= Western Basin of Lake Erie =

The Western Basin of Lake Erie is the shallowest and warmest part of the lake, covering approximately 2,600 square miles (6,700 km²). Its average depth is only about 24 feet (7.3 meters), with a maximum depth of 62 feet (19 meters) near the Bass Islands, making the Western Basin highly susceptible to temperature fluctuations and biological activity. The basin’s relatively shallow waters contribute to its ecological dynamics, including the frequent formation of waves and algal blooms.

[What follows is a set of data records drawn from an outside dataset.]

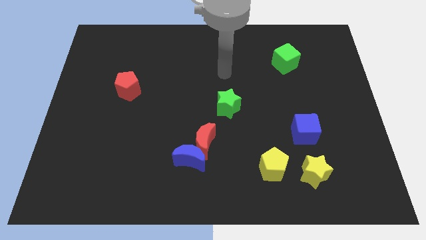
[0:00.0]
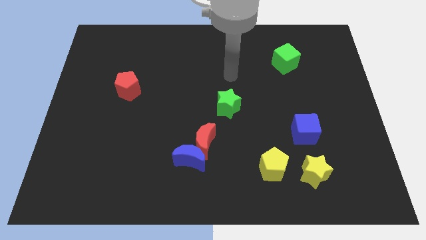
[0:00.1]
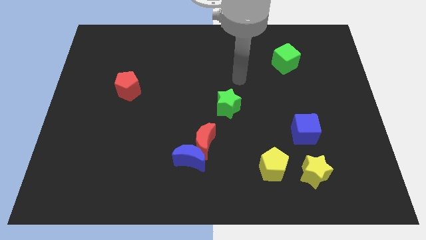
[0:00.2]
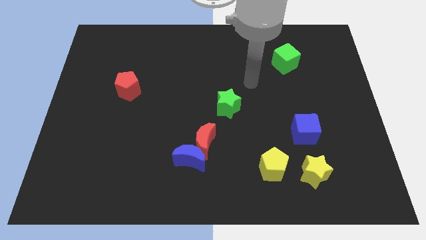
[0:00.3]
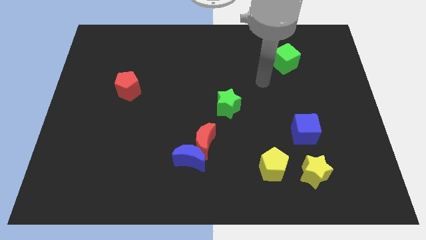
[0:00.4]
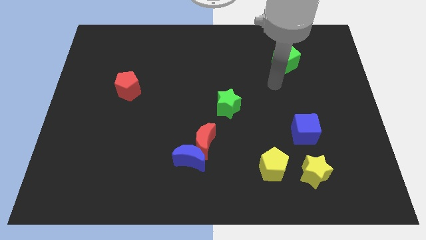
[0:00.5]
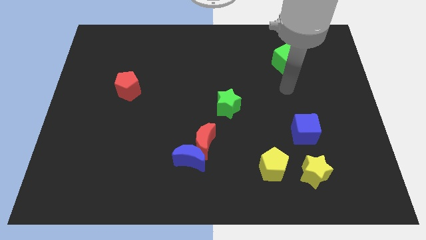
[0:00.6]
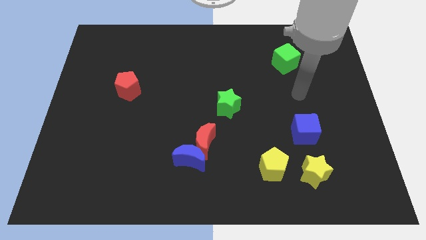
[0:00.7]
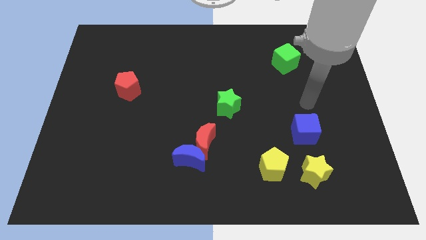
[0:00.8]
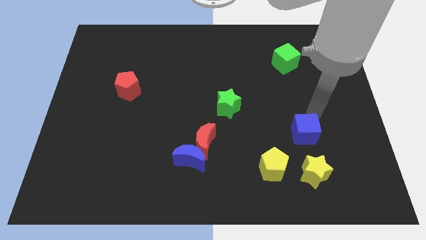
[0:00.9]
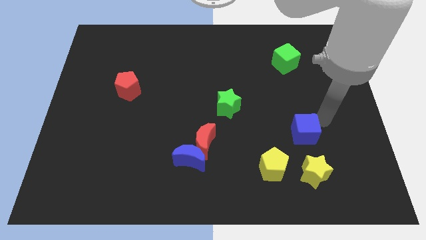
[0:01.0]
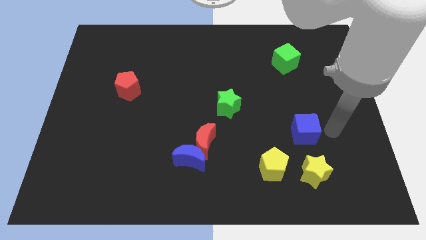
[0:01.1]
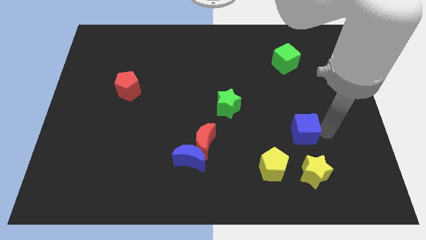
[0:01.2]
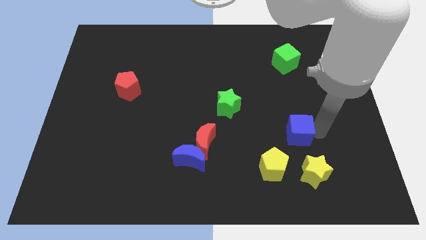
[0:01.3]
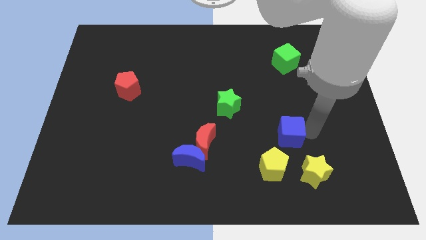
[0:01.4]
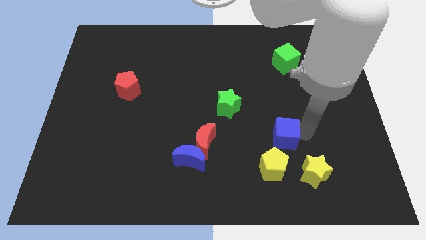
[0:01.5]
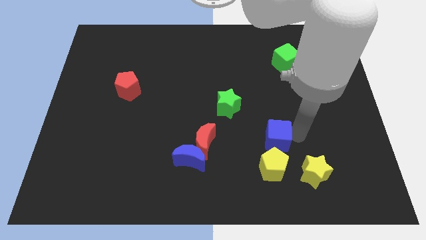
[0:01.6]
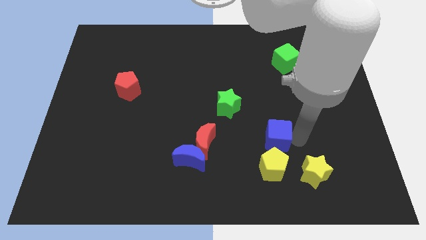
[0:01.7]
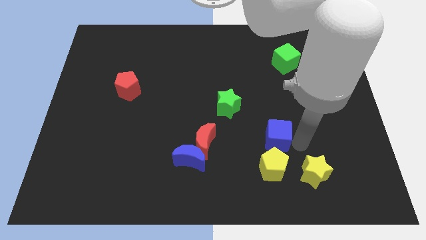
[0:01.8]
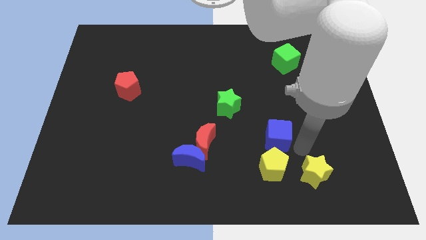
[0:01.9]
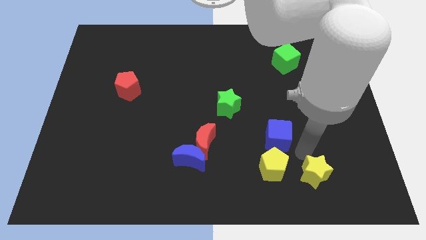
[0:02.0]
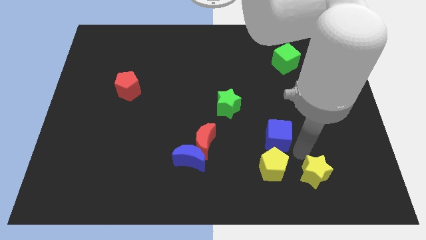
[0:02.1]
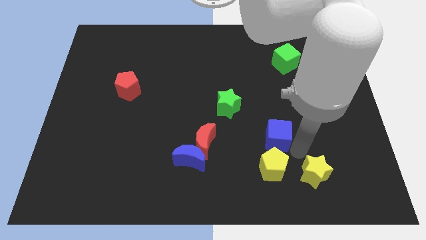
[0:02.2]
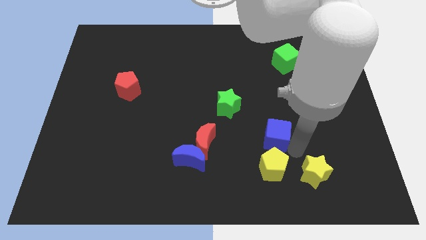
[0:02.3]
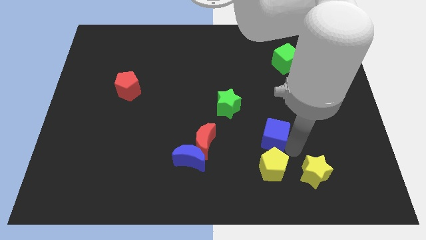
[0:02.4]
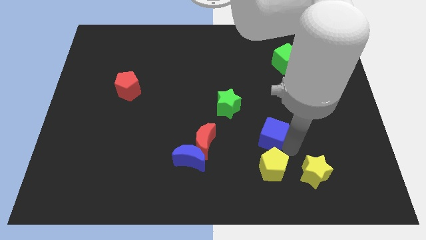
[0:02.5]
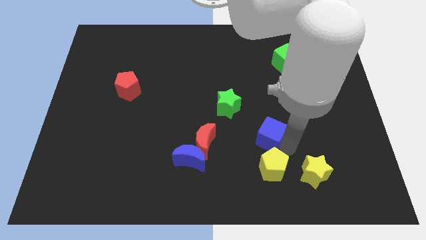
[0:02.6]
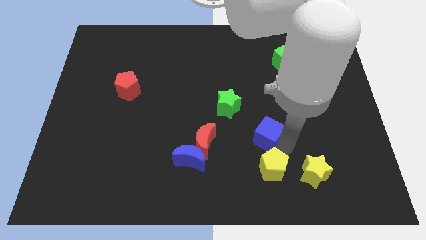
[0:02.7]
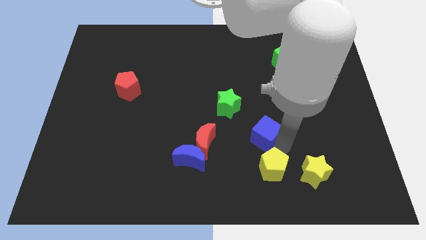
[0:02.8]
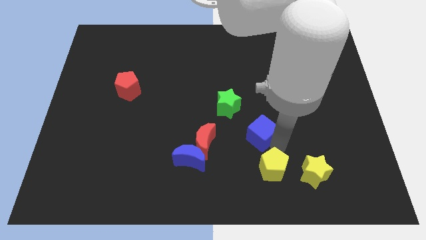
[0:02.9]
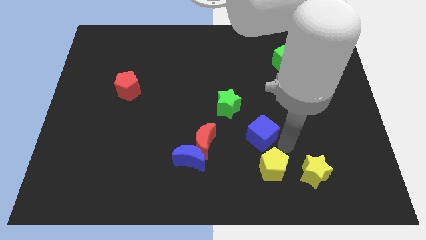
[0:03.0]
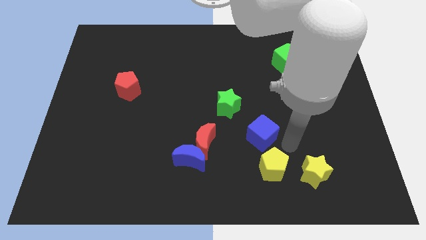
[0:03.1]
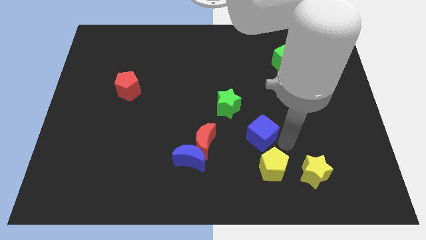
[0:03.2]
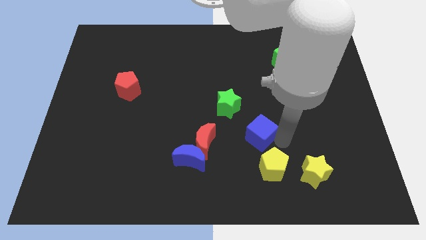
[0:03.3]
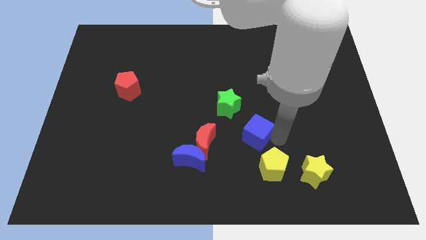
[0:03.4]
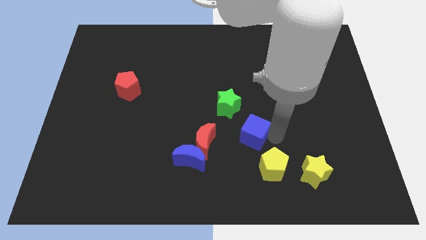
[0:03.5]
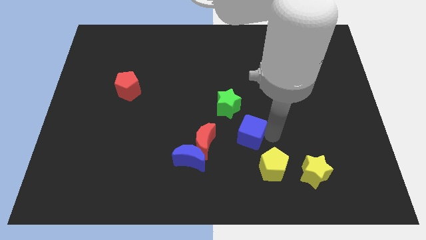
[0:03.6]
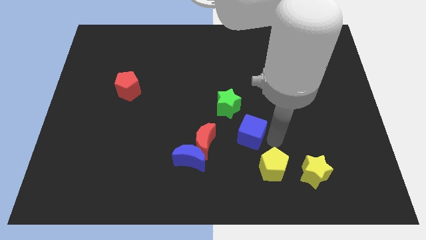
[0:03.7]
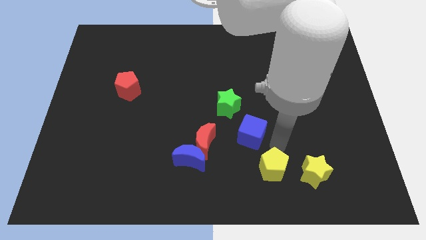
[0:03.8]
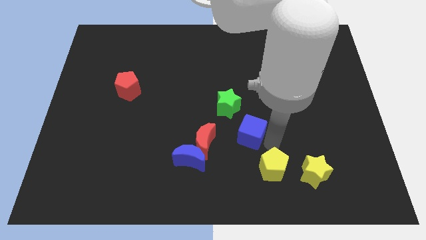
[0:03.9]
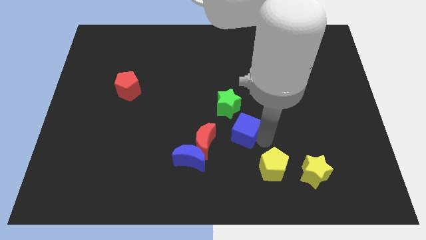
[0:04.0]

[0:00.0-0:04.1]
put the blue cube to the top right of the red moon

== Physical Characteristics and Wave Activity ==
Due to its shallow depth, the Western Basin experiences significant wave action even under light wind conditions. A 2004 report by The New York Times noted that “even the slightest breeze can kick up lively waves.” Other observers have confirmed that these waves can develop quickly, affecting navigation and shoreline conditions. The basin’s shallow waters warm rapidly during summer months, which influences both weather patterns and aquatic life.

== Ecological Concerns and Phosphorus Runoff ==
By the 2010s, phosphorus pollution emerged as a major environmental concern in the Western Basin. Much of the phosphorus entering the lake originates from agricultural runoff, particularly from fertilizers applied to no-till corn and soybean fields in the surrounding watershed. Heavy rains wash these nutrients into local streams, which then carry them into the basin. Harmful runoff was managed in the past by the Great Black Swamp, but the draining of the swamp in the late 1800s allowed runoff to flow directly into the lake. Elevated phosphorus levels contribute to harmful algal blooms, including toxic cyanobacteria, which can disrupt ecosystems, harm wildlife, and pose risks to human health.

== Economic and Recreational Importance ==
The Western Basin supports commercial and recreational fishing, with species such as walleye, yellow perch, and smallmouth bass thriving in its waters. The combination of shallow depth and nutrient-rich conditions can affect fish populations, sometimes leading to fluctuating catch rates. Additionally, the basin’s beaches and parks attract tourists and locals alike, contributing to the regional economy.

== Management and Conservation Efforts ==
Efforts to reduce phosphorus inputs have included promoting more sustainable agricultural practices, such as buffer strips and controlled fertilizer application. Restoring the area's indigenous and ecologically important wetlands has also been a topic of discussion in recent years. Agencies and organizations work together to monitor water quality, manage fish populations, and address pollution sources to improve the health of the Western Basin.

== Lighthouses in the Western Basin of Lake Erie ==
- Colchester Reef Light (Lake Erie, West) – Built on Colchester Reef in 1885.
- Detroit River Light – Built at the entrance to the Detroit River in 1885.